Potential domain distribution bias in VisCoR-55K: The dataset composition may be skewed toward certain task types, potentially affecting generalization.
Future work could explore online self-improvement without contrastive pairs, or design more efficient contrastive pair construction pipelines.
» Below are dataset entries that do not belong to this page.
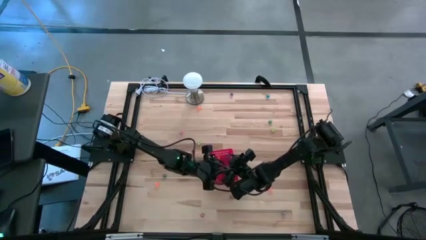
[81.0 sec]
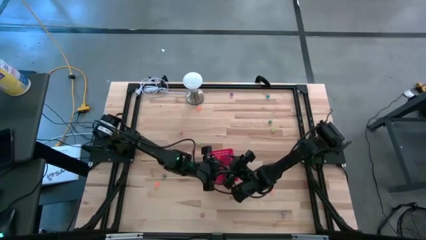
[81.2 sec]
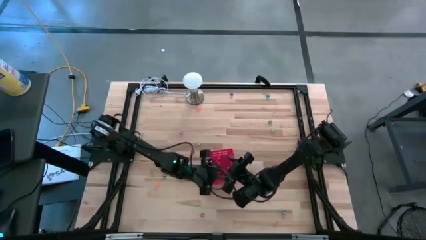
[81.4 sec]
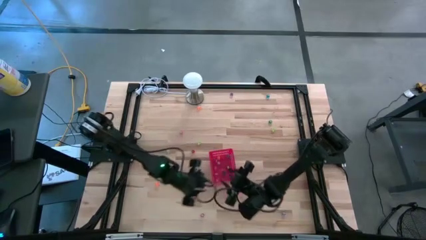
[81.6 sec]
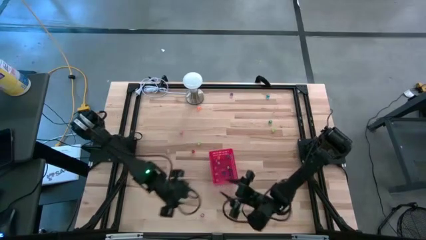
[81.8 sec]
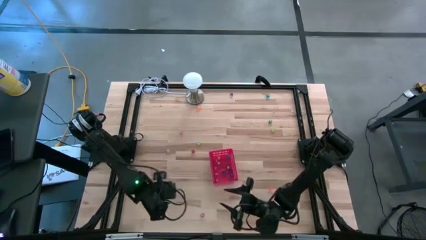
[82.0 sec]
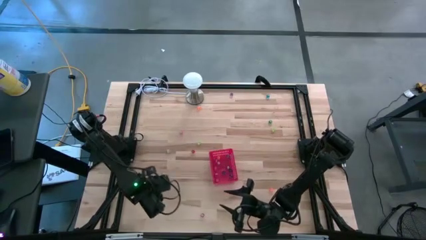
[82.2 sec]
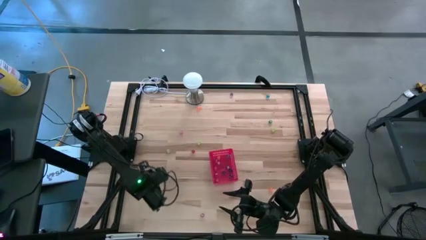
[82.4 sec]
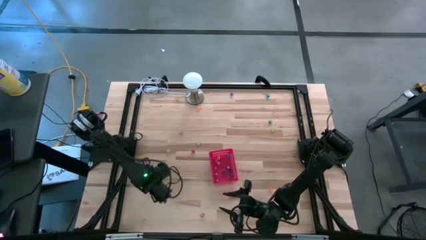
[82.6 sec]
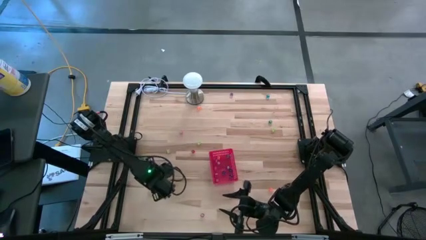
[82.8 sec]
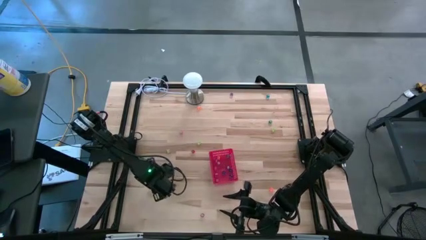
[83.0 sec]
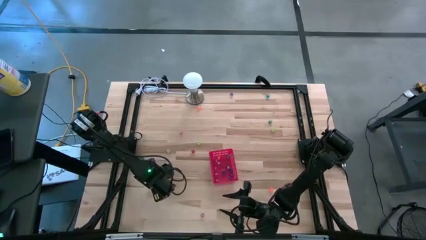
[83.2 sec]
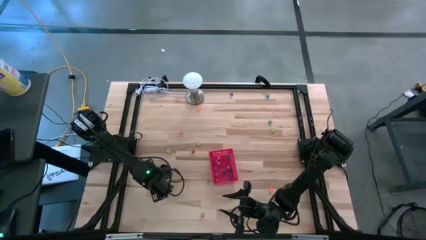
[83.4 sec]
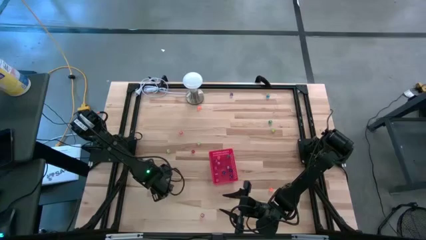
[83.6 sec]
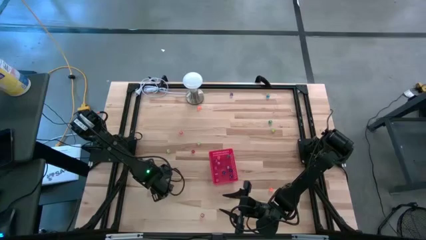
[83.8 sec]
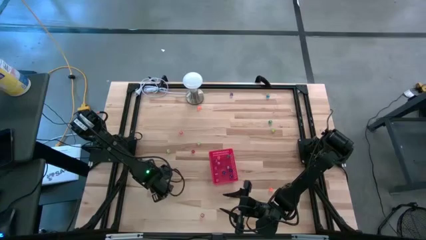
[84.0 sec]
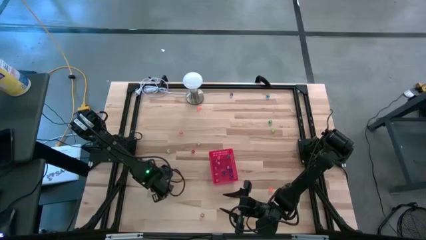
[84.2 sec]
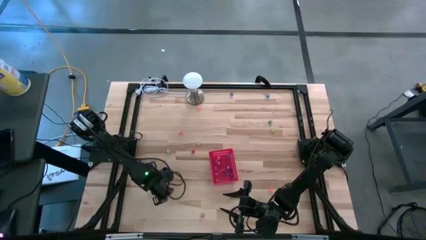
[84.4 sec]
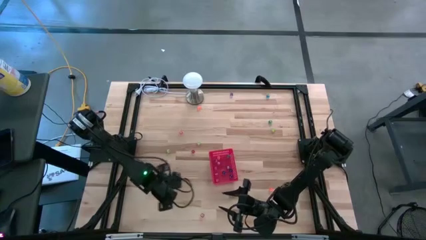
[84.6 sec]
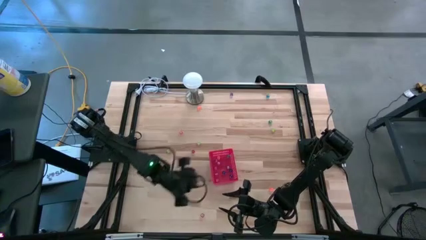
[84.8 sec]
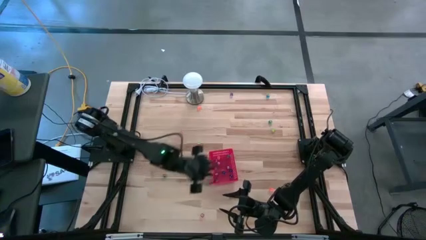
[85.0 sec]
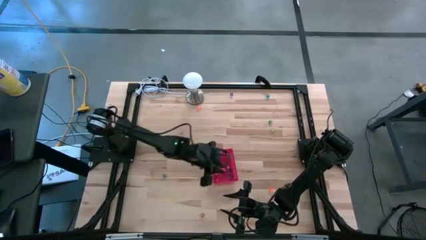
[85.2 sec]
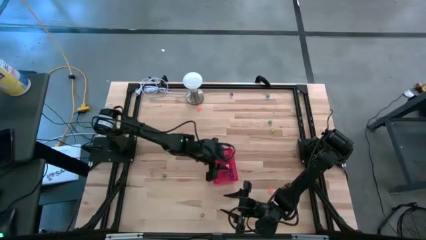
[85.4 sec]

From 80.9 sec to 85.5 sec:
Task: Pick & Place Dice
Put the orange die into the red basket

vs. STaR: STaR regenerates reasoning chains using answer hints but cannot correct visual hallucinations. VC-STaR's contrastive mechanism directly addresses hallucinations, achieving +3.2% on Hallusion compared to STaR's +2.8%.
vs. LLaVA-CoT: LLaVA-CoT uses GPT-4o to populate hand-crafted templates for reasoning data generation, but template-based approaches struggle to generalize across tasks. VC-STaR requires no manual templates, automatically generating more diverse reasoning chains through the contrastive mechanism.
vs. R1-Onevision: R1-OV generates reasoning chains from image captions via DeepSeek-R1, but textual descriptions inevitably lose visual information. VC-STaR's visually native approach operates directly on images, preserving complete visual information.

Rating¶

Novelty: ⭐⭐⭐⭐⭐ The insight that "contrast enables VLMs to see more accurately" is original and profound; the contrastive self-improvement paradigm opens a new direction.
Experimental Thoroughness: ⭐⭐⭐⭐⭐ Six benchmarks cover hallucination, math, and general capabilities; ablation studies are comprehensive (contrast type, difficulty sampling, cross-model generalization).
Writing Quality: ⭐⭐⭐⭐ The paper is clearly structured with well-designed figures, though some technical sections are densely packed.
Value: ⭐⭐⭐⭐⭐ An effective visual reasoning self-improvement paradigm is established; both the dataset and the method are poised for broad impact.